544.3
Cooperative Marriage: Queer Politics of Chinese Lalas and Gay Men

Monday, July 14, 2014: 5:50 PM
Room: 303
Oral Presentation
Yingyi WANG , Social Work and Social Administration, The University of Hong Kong, Hong Kong, Hong Kong
Being a new and under-researched phenomenon since 2005, cooperative marriage attracts attention and generates debate in and out of the mainland Chinese LGBT community. Cooperative marriage is a heterosexual marriage performed and negotiated by two non-heterosexual parties, a lala(lesbian, bisexual and transgender woman) and a gay man.

Being a popular coping strategy of lalas and gay men in contemporary China, in facing the institution of family, marriage and heteronormativity, cooperative marriage offers great insights into Chinese families, tongzhi kinship and alternative forms of intimacy and queer alliances. Filial piety, compulsory heterosexual marriage and potential housing, legal and financial benefits in heterosexual marriages are major momentum for this type of highly ritualized marriage. In cooperative marriage, both parties are fully aware of the obligations and nature of the marriage, however many of them struggle to make a balance between the conjugal family, natal family and their same-sex desire.

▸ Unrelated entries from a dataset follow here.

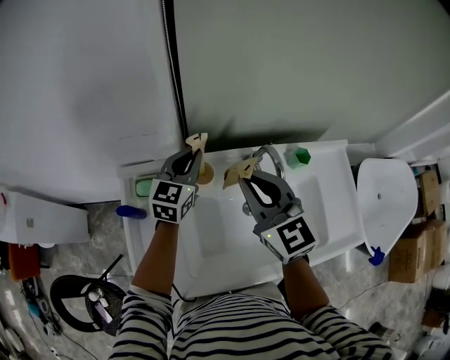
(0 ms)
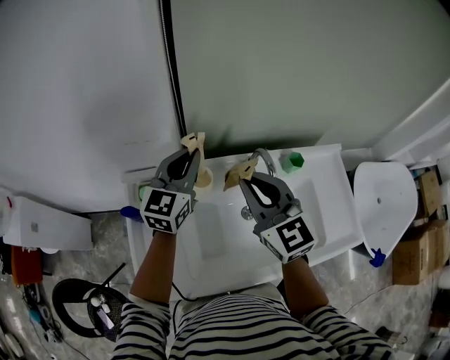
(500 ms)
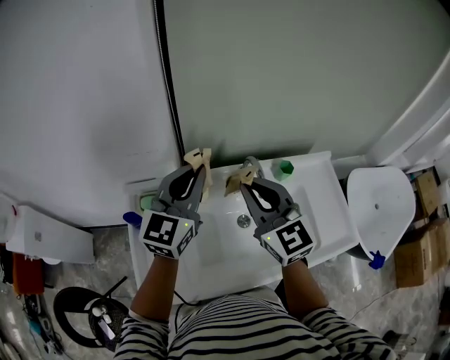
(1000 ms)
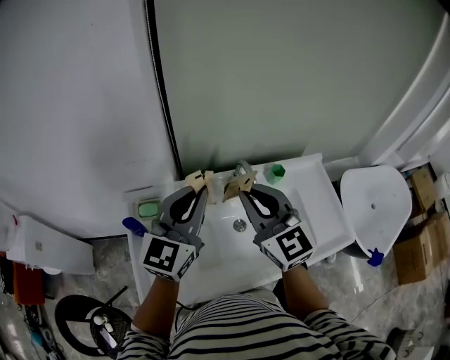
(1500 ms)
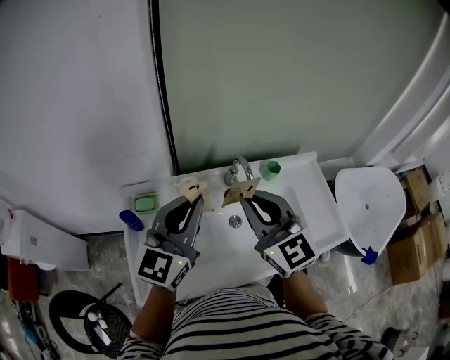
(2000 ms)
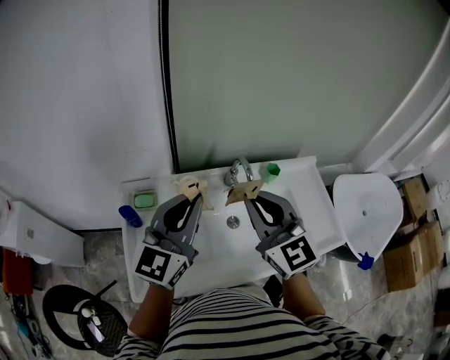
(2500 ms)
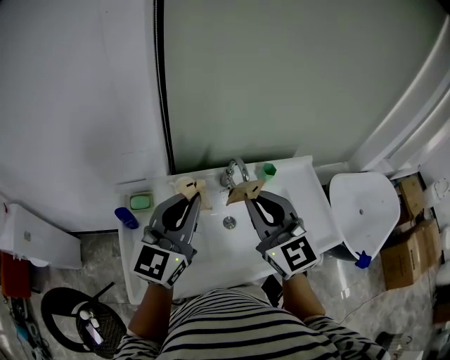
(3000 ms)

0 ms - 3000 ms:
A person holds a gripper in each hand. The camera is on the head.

Various strategies are developed in finding and sustaining the (superficial) harmony of such families: different family practices, new family arrangement, the performance of masculinity and femininity in their conjugal houses and relevant public spaces. Friendship and even family bonds are thus developed and strengthened, forming new sexual alliances in the society.

Like all heterosexual marriages, cooperative marriage is also a gendered experience; therefore the study is especially interested in lalas’ experiences and narratives, their definition of love, family and intimacy. This research studies cooperative marriage from multiple aspects of family practices including domestic, consumption, kinship, marriage, emotion and parental practices, in order to understand their lived experiences and how they do gender and families. Feminist, interpretivist qualitative approach is adopted in the research. Semi-structured interviews were conducted and participant observation as well to gain insights of such marriages, 13 lalas and 7 gay men were interviewed, as well as activists from the LGBT community.